GOAL OF THE EXERCISE:
The response consists of the lines from the start of the material below through the line holding "Hernia: negative", repeated word for word and without pictures.

DATASET RECORDS:
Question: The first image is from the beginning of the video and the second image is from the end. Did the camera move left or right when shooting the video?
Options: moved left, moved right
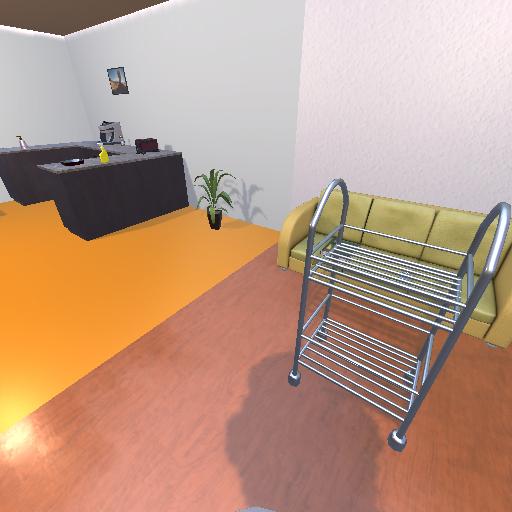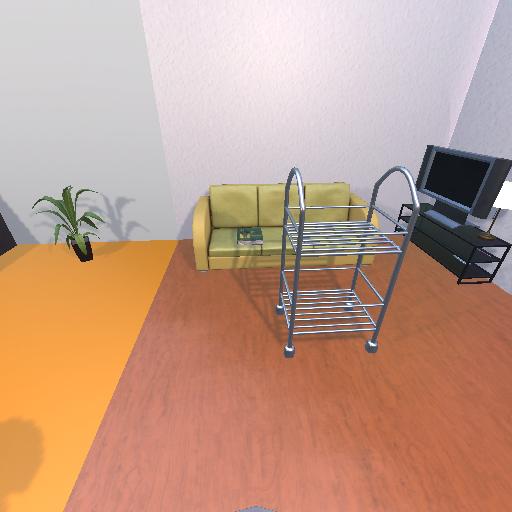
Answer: moved left
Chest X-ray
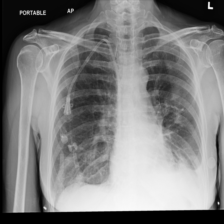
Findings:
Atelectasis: negative
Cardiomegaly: negative
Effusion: positive
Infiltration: positive
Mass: positive
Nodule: negative
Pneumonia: negative
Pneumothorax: negative
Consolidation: negative
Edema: negative
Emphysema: negative
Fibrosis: negative
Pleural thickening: negative
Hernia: negative
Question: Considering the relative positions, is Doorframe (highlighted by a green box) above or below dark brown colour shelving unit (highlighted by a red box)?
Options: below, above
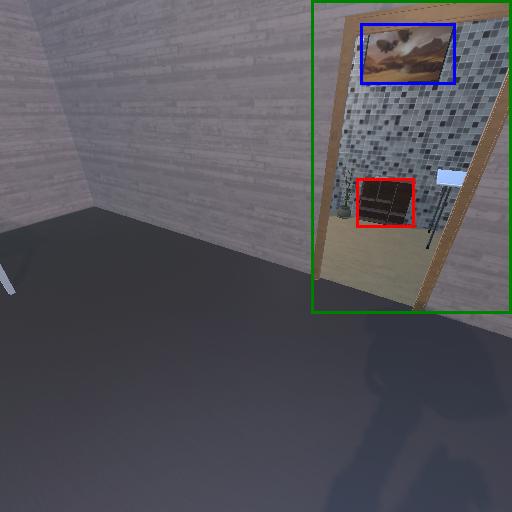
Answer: below
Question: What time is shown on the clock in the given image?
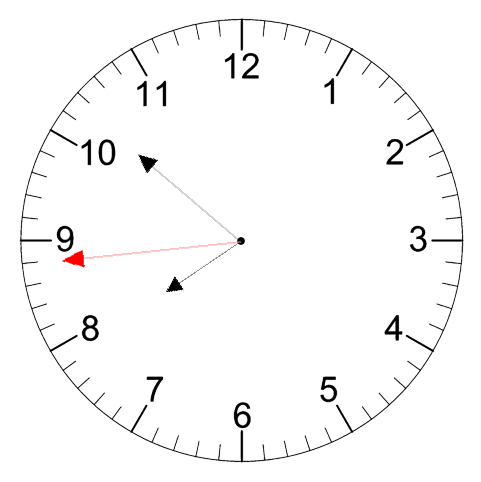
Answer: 07:51:44
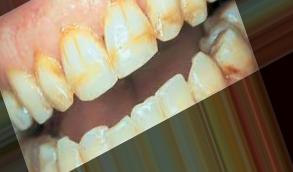
Condition: Tooth Discoloration
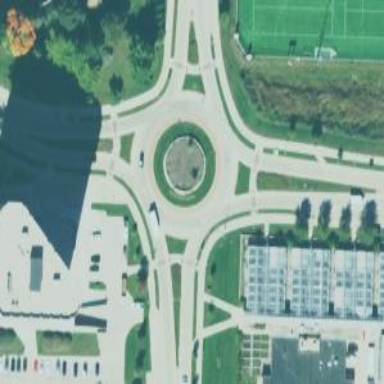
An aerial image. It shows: Roundabout at tertiary road junction.
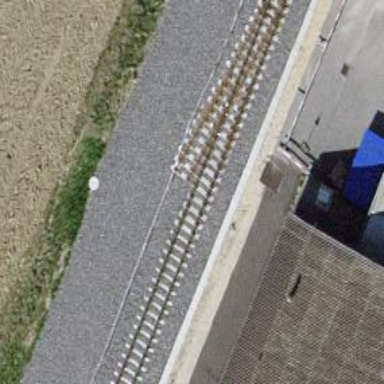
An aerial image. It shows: Narrow-gauge railway siding with electrified contact line.
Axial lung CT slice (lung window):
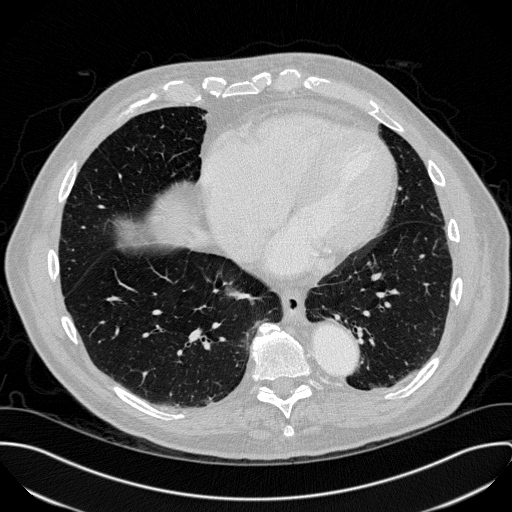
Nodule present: no
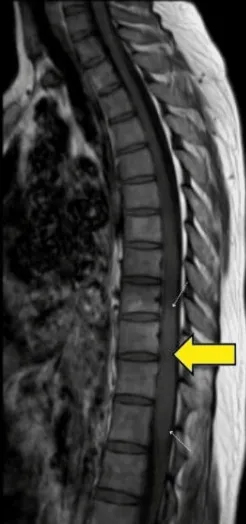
MRI T1 image showing a long-segment hypointense lesion at the D7-D9 level (yellow arrow). . MRI, magnetic resonance imaging.
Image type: radiology (mri)
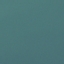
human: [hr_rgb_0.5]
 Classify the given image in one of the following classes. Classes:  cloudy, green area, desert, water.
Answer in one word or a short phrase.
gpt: water
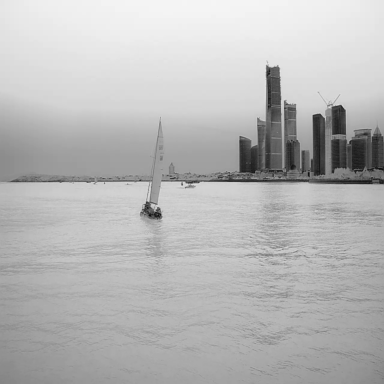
There are four objects shown in the infrared image, including a bulk_carrier, a container_ship, and two sailboats.
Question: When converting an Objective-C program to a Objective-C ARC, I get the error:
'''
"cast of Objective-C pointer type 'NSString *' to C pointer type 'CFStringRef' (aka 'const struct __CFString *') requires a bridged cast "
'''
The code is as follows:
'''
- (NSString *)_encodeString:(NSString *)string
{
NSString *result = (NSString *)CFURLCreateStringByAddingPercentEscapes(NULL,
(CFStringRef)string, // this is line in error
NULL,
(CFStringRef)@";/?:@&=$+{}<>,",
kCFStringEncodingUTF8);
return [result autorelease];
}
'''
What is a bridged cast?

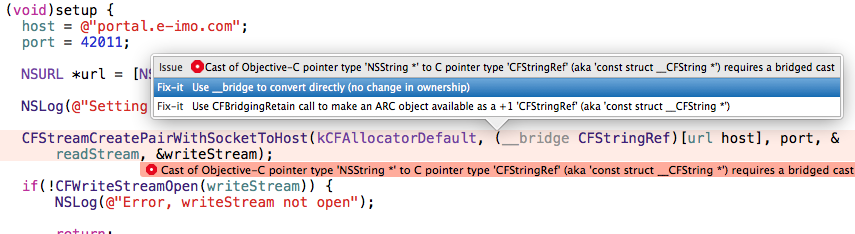
Answer: Have a look at the <URL> on the LLVM website. You'll have to use '__bridge' or one of the other keywords.
This is because Core Foundation objects (CF*Refs) are not controlled by ARC, only Obj-C objects are. So when you convert between them, you have to tell ARC about the object's ownership so it can properly clean them up. The simplest case is a '__bridge' cast, for which ARC will not do any extra work (it assumes you handle the object's memory yourself).
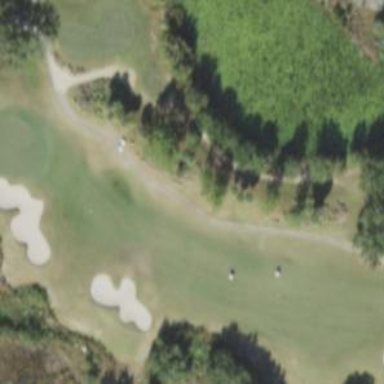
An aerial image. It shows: Golf cartpath that is also road path.
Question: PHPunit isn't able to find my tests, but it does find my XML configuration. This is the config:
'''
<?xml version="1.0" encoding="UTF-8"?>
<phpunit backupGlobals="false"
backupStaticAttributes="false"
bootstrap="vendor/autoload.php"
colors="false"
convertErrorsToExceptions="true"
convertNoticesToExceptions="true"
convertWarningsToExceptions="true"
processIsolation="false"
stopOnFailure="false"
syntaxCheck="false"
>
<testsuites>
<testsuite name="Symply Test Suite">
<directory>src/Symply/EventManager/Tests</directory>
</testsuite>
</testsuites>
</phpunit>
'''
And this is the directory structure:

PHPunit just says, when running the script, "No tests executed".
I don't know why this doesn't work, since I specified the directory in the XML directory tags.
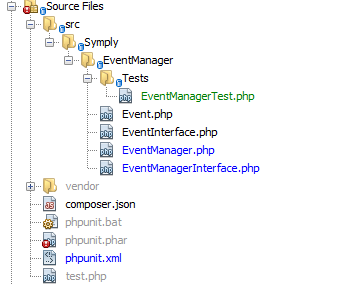
Answer: I think I figured it out. When just using PHPunit trough the commandline, everything just works fine. I guess there is some problem in Netbeans. I need to specify a test folder there, so I guess I will just choose the src folder? Thanks to all the people trying to help me.
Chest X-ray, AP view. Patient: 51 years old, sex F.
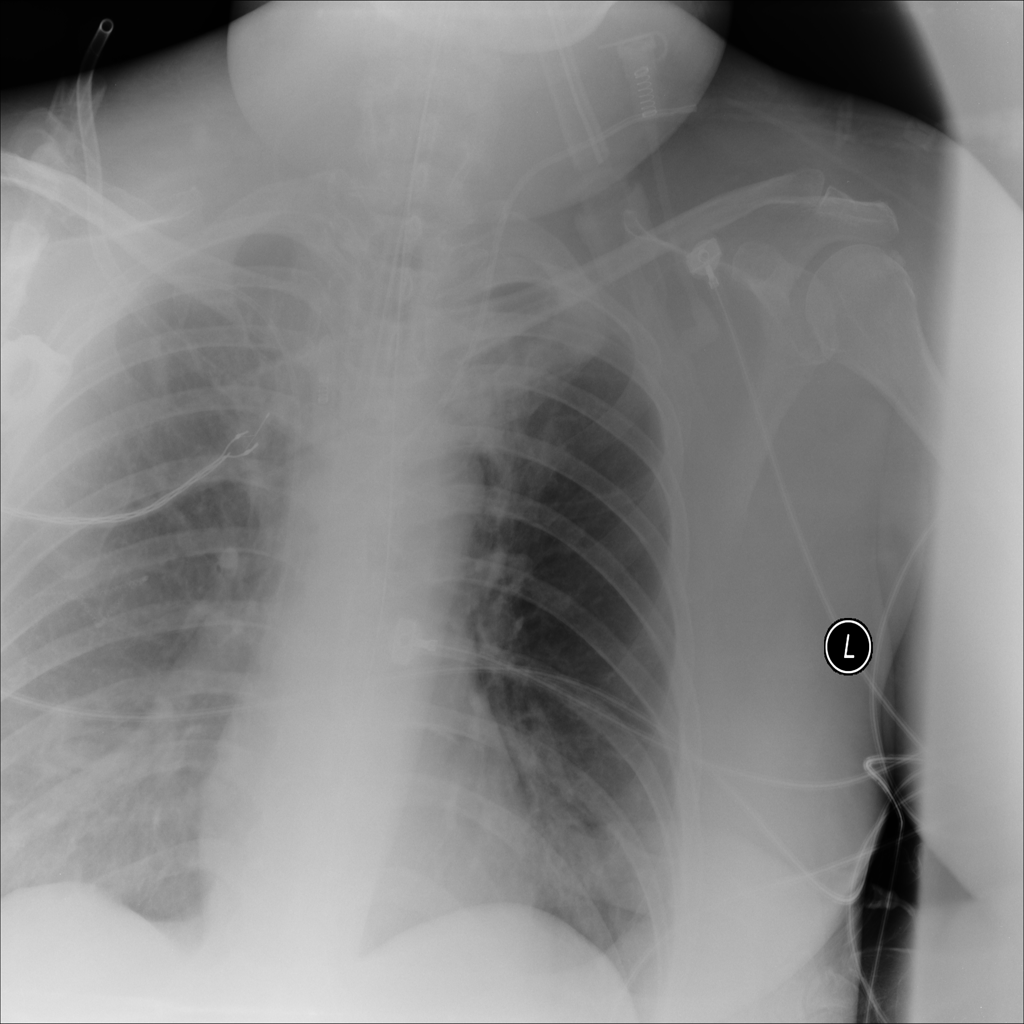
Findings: No Finding
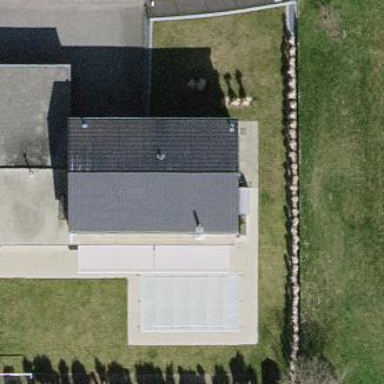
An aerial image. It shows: Detached building.
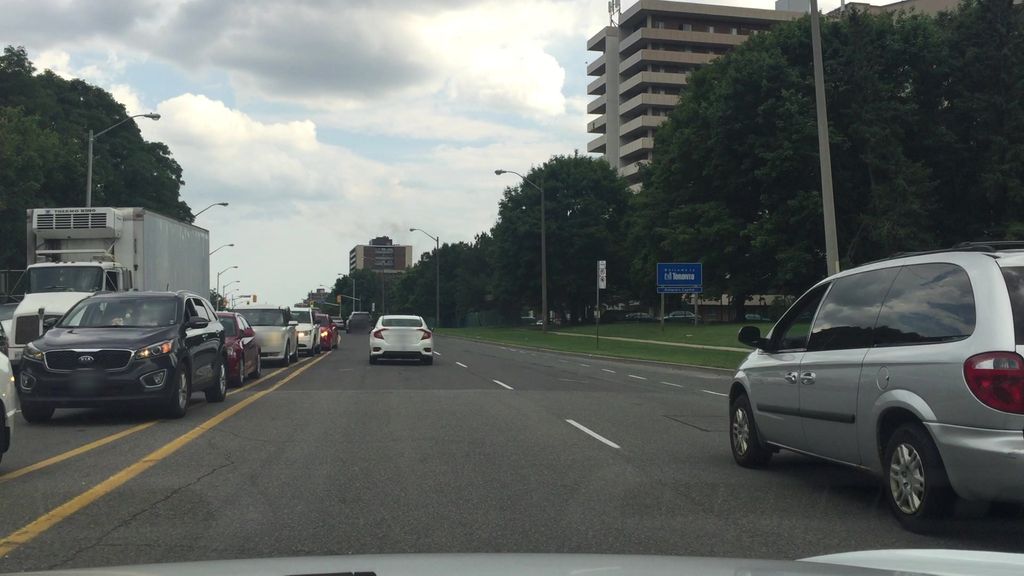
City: toronto
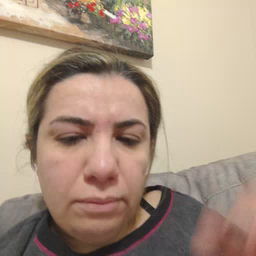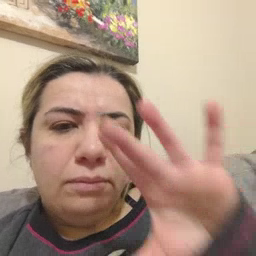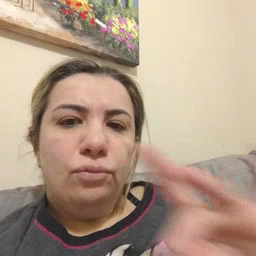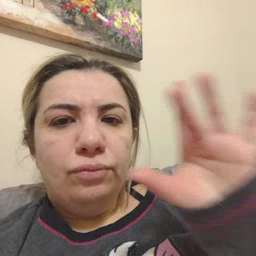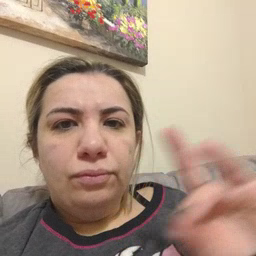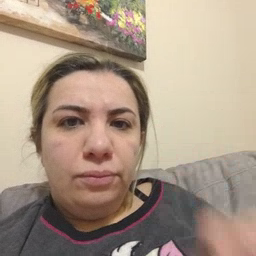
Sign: story
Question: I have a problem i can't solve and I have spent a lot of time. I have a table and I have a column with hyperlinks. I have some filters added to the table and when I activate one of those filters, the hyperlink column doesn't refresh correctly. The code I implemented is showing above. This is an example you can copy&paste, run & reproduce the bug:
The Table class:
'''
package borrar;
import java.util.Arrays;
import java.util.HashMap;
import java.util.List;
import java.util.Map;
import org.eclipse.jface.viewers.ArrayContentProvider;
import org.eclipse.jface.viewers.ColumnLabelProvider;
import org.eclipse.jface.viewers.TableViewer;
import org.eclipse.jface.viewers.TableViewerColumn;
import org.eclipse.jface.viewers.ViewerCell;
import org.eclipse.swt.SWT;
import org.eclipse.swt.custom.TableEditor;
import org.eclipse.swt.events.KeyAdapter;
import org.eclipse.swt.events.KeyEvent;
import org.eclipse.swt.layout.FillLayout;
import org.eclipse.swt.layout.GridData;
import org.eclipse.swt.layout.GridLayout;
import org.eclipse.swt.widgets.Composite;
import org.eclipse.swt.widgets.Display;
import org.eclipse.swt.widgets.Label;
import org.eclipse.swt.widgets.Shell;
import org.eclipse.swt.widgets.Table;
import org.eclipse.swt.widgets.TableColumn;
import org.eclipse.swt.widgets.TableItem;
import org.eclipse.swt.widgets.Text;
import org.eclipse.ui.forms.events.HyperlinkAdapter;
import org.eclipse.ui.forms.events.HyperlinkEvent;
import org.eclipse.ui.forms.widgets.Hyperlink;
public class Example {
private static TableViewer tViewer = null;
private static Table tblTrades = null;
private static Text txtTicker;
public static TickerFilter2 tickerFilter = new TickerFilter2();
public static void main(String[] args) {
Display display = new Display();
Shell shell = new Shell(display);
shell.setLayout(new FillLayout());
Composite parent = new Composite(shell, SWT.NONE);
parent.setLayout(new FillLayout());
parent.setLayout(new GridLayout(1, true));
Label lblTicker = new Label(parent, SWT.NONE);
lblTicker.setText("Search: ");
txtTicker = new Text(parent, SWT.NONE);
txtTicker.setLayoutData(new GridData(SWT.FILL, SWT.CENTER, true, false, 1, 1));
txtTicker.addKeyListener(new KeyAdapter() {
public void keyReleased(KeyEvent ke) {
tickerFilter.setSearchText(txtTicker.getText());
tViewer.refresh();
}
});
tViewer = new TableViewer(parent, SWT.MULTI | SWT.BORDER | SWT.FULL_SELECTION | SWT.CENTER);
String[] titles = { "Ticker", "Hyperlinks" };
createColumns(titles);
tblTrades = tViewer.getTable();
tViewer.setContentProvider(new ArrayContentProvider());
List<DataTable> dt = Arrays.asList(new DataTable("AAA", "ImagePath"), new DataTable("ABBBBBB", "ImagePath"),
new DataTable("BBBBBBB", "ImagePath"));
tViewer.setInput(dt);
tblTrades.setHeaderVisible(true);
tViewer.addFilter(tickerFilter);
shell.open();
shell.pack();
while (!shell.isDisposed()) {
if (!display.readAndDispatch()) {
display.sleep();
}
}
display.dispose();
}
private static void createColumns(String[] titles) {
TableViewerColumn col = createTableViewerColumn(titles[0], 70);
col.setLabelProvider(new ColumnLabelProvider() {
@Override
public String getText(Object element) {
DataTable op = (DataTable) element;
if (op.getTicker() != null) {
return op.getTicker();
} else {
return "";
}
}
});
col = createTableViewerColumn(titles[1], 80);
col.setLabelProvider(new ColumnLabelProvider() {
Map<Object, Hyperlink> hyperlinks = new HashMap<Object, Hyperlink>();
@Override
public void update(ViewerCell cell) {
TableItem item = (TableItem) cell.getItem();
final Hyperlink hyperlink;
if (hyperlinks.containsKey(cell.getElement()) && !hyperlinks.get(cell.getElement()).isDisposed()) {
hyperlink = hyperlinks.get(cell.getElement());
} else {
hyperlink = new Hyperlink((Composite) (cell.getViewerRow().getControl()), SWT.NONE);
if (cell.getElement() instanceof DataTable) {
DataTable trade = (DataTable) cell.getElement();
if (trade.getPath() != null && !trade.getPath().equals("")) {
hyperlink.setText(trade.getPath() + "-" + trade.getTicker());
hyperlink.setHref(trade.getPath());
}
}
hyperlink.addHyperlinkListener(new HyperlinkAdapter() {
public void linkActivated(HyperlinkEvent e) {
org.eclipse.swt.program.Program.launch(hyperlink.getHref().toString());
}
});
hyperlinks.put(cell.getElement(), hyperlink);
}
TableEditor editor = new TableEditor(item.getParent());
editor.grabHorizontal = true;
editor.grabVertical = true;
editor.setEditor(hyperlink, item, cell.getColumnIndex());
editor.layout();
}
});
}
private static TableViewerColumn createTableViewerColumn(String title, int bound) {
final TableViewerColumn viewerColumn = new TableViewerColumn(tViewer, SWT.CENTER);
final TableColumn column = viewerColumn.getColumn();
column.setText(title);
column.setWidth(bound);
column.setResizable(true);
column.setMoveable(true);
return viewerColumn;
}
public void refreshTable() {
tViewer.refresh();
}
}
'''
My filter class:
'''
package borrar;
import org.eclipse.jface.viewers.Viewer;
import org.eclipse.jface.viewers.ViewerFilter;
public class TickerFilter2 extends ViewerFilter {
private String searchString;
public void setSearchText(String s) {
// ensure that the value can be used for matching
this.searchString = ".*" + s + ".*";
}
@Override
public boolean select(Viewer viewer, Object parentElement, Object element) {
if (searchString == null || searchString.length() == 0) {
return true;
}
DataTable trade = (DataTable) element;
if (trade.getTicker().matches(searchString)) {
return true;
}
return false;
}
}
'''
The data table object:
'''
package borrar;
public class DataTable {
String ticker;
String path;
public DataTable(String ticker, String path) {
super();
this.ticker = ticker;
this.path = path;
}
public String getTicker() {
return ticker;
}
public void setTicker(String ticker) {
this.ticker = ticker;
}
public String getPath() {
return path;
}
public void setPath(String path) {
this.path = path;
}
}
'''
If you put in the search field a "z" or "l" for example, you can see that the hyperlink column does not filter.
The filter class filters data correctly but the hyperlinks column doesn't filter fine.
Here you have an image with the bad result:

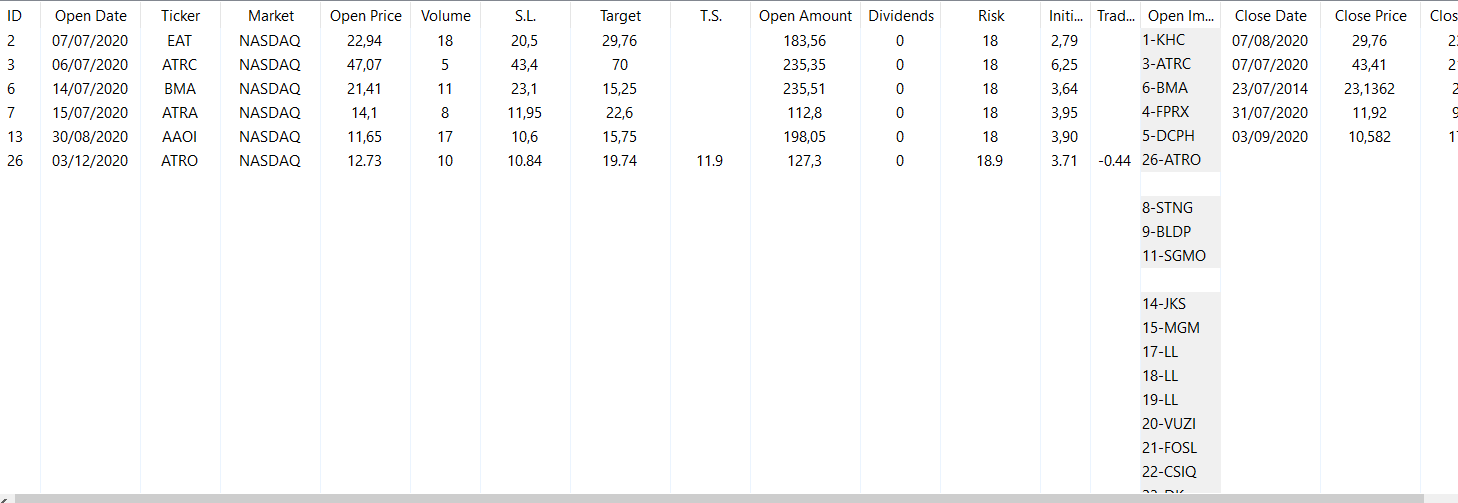
Answer: The TableViewer doesn't really know about the TableEditor code so it doesn't deal with them when filtering.
You could perhaps use the 'EditingSupport' code. The following code defines a cell editor which does an action as soon as you click on the column cell.
For the column definition replace your code with something like:
'''
col.setLabelProvider(new ColumnLabelProvider() {
@Override
public String getText(final Object element) {
// Whatever you want for the cell text here
final DataTable op = (DataTable) element;
return op.getPath();
}
});
col.setEditingSupport(new HyperlinkEditingSupport(tViewer));
'''
The editing support class:
'''
public class HyperlinkEditingSupport extends EditingSupport
{
private final HyperlinkCellEditor _editor;
public HyperlinkEditingSupport(final TableViewer viewer)
{
super(viewer);
_editor = new HyperlinkCellEditor(viewer.getTable());
}
@Override
protected CellEditor getCellEditor(final Object element)
{
return _editor;
}
@Override
protected boolean canEdit(final Object element)
{
return true;
}
@Override
protected Object getValue(final Object element)
{
// Return the value you want launched
return ((DataTable)element).getPath();
}
@Override
protected void setValue(final Object element, final Object value)
{
// no action
}
}
'''
And the 'CellEditor'. This is a bit odd because we are just going to launch as soon as the editor is invoked so we don't really need a separate editor:
'''
public class HyperlinkCellEditor extends CellEditor
{
public HyperlinkCellEditor(final Composite parent)
{
super(parent);
}
@Override
protected Control createControl(final Composite parent)
{
return new Composite(parent, SWT.None);
}
@Override
protected Object doGetValue()
{
return new Object[0];
}
@Override
protected void doSetFocus()
{
// no action
}
@Override
protected void doSetValue(final Object value)
{
final String path = (String)value;
// TODO Open the link
}
}
'''

SOLVED EXERCISE:
Question: The first image is from the beginning of the video and the second image is from the end. Did the camera move left or right when shooting the video?
Options: moved left, moved right
Answer: moved left
Chest X-ray
Findings:
Atelectasis: negative
Cardiomegaly: negative
Effusion: positive
Infiltration: positive
Mass: positive
Nodule: negative
Pneumonia: negative
Pneumothorax: negative
Consolidation: negative
Edema: negative
Emphysema: negative
Fibrosis: negative
Pleural thickening: negative
Hernia: negative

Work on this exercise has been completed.